A Bone to Pick

Kelowna artist and jewellery maker Lori Mairs suspects there’s something the littlest bit mystical about her jewellery. Like maybe the handcrafted pieces of antler mounted in silver have some of the magic of the forest contained within them.

“People say that once they buy it, they wear it all the time. It’s almost like they have this experience,” she said. “Physically, they love to touch the antler.”

Lori started dabbling in jewellery making close to two decades ago, but started working bits of naturally shed antler into her work about four years ago. Just over two years ago she started Public Bone, her distinctive jewellery line that features the unique material.

“I’m interested in items in nature that are in sympathetic union with the body,” she told The Pear Tree. “I have a real respect for nature and the earth. I feel in harmony with those things.”

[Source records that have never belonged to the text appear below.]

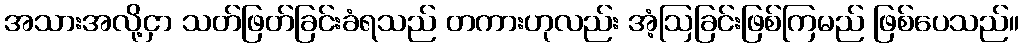
အသားအလို့ငှာ သတ်ဖြတ်ခြင်းခံရသည် တကားဟုလည်း အံ့ဩခြင်းဖြစ်ကြမည် ဖြစ်ပေသည်။
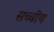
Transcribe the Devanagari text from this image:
सच्चीय
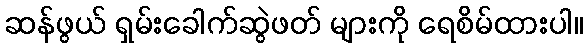
ဆန်ဖွယ် ရှမ်းခေါက်ဆွဲဖတ် များကို ရေစိမ်ထားပါ။
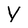
Character: Y
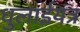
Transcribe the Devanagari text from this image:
धुलाईयंत्र
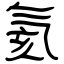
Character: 氦
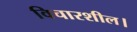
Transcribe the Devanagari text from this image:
विचारशील।
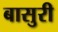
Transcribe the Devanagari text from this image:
बासुरी
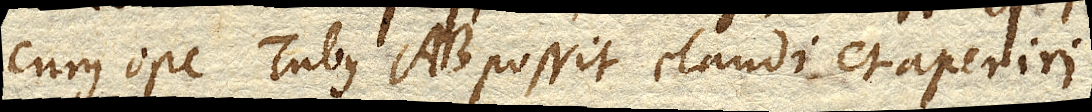
cujus ope Tubus AB. possit claudi et aperiri.
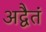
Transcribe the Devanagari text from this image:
अद्वैतं
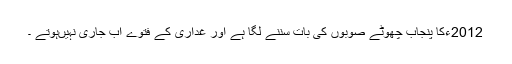
2012ءکا پنجاب چھوٹے صوبوں کی بات سننے لگا ہے اور غداری کے فتوے اب جاری نہیںہوتے ۔

Lori uses only shed antlers, from moose, deer, caribou and elk. Each has a different texture, density and grain. Moose, she reports, have very dense, hard antlers that are a bit of a challenge to get through, even with a band saw. Mule and white tail deer, on the other hand, have much more pliable antlers that are more forgiving, while cutting through an elk antler is like cutting through butter.

After cutting the antlers into smaller pieces, Lori cleans the pieces a couple of times before cutting them into smaller pieces and sanding them. The pieces are then polished and set into the silver – sometimes accompanied by raw ruby, pearls, zincite or Swarovski crystals.

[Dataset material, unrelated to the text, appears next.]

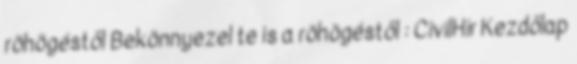
röhögéstől Bekönnyezel te is a röhögéstől : CivilHír Kezdőlap

Rather than turning each piece into a certain shape or look, she works with what suits the pieces.

“It’s almost as though they have their own request for the end product, as if they have a request,” Lori related.

Since no two pieces are ever the same, each necklace or set of earrings is like a miniature work of wearable art. It even comes with its own number, certificate of authenticity and guarantee that the antler was shed and not hunted.

“Most of my customers are artists or people who are interested in the arts and understand the value and work that goes into each piece,” Lori said.

“There’s a lot of jewellery that’s called one of a kind but there’s a different skill involved and it is often more like assemblage, where items are ordered and compiled – whereas I work from the raw material. People understand that when they buy a piece of Public Bone jewellery they’re buying a piece of my art – just small and wearable.”

Orders can be made through the Public Bone website, but Lori will also have her jewellery on show for sale at Fabulous Finds, 25-26 March at Summerhill Pyramid Winery.